A School Assignment I Didn't Like

I think I might be channeling the curmudgeony spirit of Andy Rooney. It's a phase, and I'll be back to my happy-go-lucky self in no time. But while I'm feeling particularly disappointed today by a homework assignment, I thought, "Why not blog about it?"

Sammi and the entire fifth grade class is preparing to spend a day at Biz Town next week. Biz Town is a very cool local interactive exhibit where kids get to act out business and job-related roles. Sammi and her friends are totally psyched about this field trip, and in preparation, the class is learning about jobs, taxes, and expenses, and economics-lite. The kids have special homework assignments that digress from the usual. Today's assignment was to watch television,  find 8 good commercials and write the reason why you like them. The class had discussed some of the properties that constitute a good ad.

Sammi started watching TV at 6:30 and by 9:00 had managed to write down 7 examples that were likeable. Besides the ad for a cellphone with a 3D camera, it was hard for her to articulate why she actually liked the ads. She liked the Hershey ad because she loves chocolate, and the pizza ad pleased her in the same way. Perhaps she was used to clicking the "like" button on Facebook -- an easy to express opinion that requires no comment.

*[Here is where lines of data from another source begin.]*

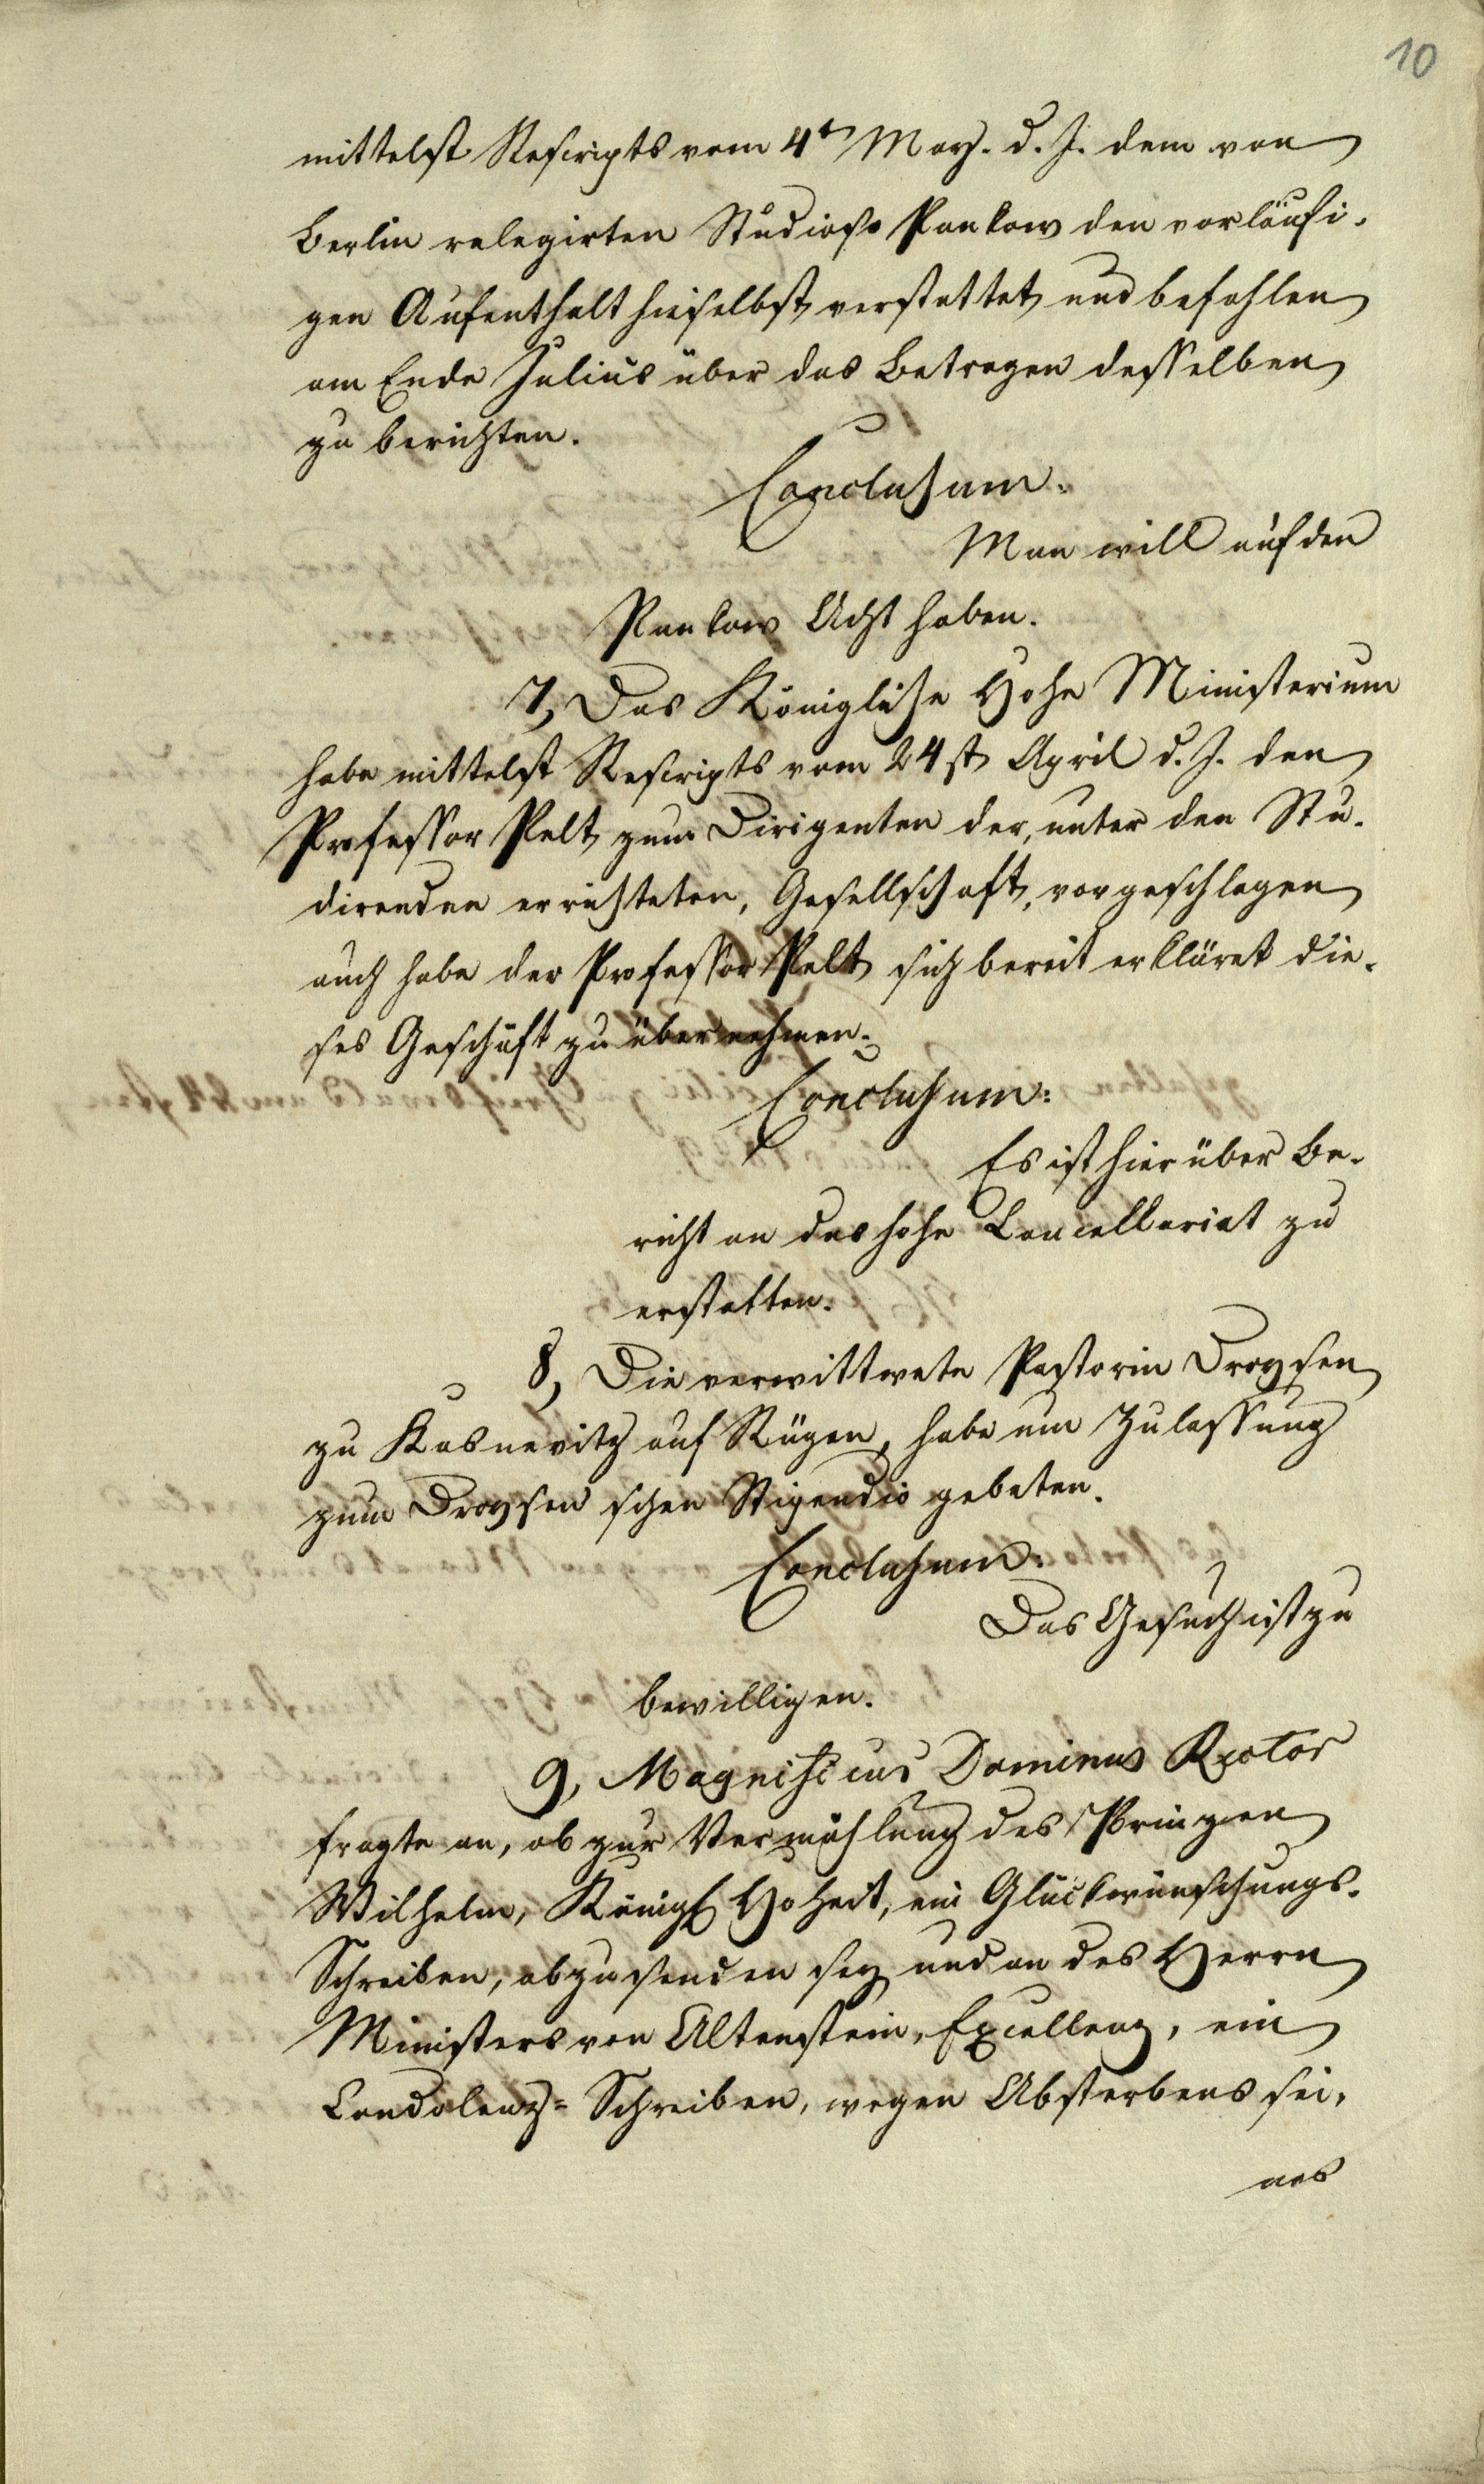mittlest Rescripts vom 4ten May. d. J. dem von
Berlin relegirten Studioso Pankow den vorläufi¬
gen Aufenthalt hieselbst verstattet und befohlen
am Ende Julius über das Betragen desselben
zu berichten.
Conclusum:
Man will auf den
Pankow Acht haben.
7, Das Königliche Hohe Ministerium
habe mittelst Rescripts vom 24 sten April d. J. den
Professor Pelt zum Dirigenten der, unter den Stu¬
direnden errichteten, Gesellschaft, vorgeschlagen
auch habe der Professor Pelt sich bereit erkläret die¬
ses Geschäft zu übernehmen.
Conclusum:
Es ist hierüber Be¬
richt an das hohe Cancellariat zu
erstatten.
8, Die verwittwete Pastorin Droysen
zu Kasnevitz auf Rügen, habe um Zulassung
zum Droysen'schen Stipendio gebeten.
Conclusum:
Das Gesuch ist zu
bewilligen.
9, Magnificus Dominus Rector
fragte an, ob zur Vermählung des Prinzen
Wilhelm, Königl Hoheit, ein Glückwünschungs¬
Schreiben, abzusenden sey und an des Herrn
Ministers von Altenstein Excellenz, ein
Condolenz-Schreiben, wegen Absterbens sei¬
nes

Early on in her assignment, I asked, "Can you write down commercials that you do not like and explain why?" "No," she told me pointing to the form that provided a 3 1/2" L x 1/2" H "like" space for writing her reason. I said, "But I bet you could as long as you explain yourself." She didn't agree.

I took a shower, and found myself getting more pissed at the assignment. Was I over-reacting or was it narrow-minded to only ask kids why they liked ads? It wasn't like it was even the Superbowl or Oscars. As the holidays approach with ads for all the things we fake need, I would be much more interested in tapping into a healthy dose of budding skepticism.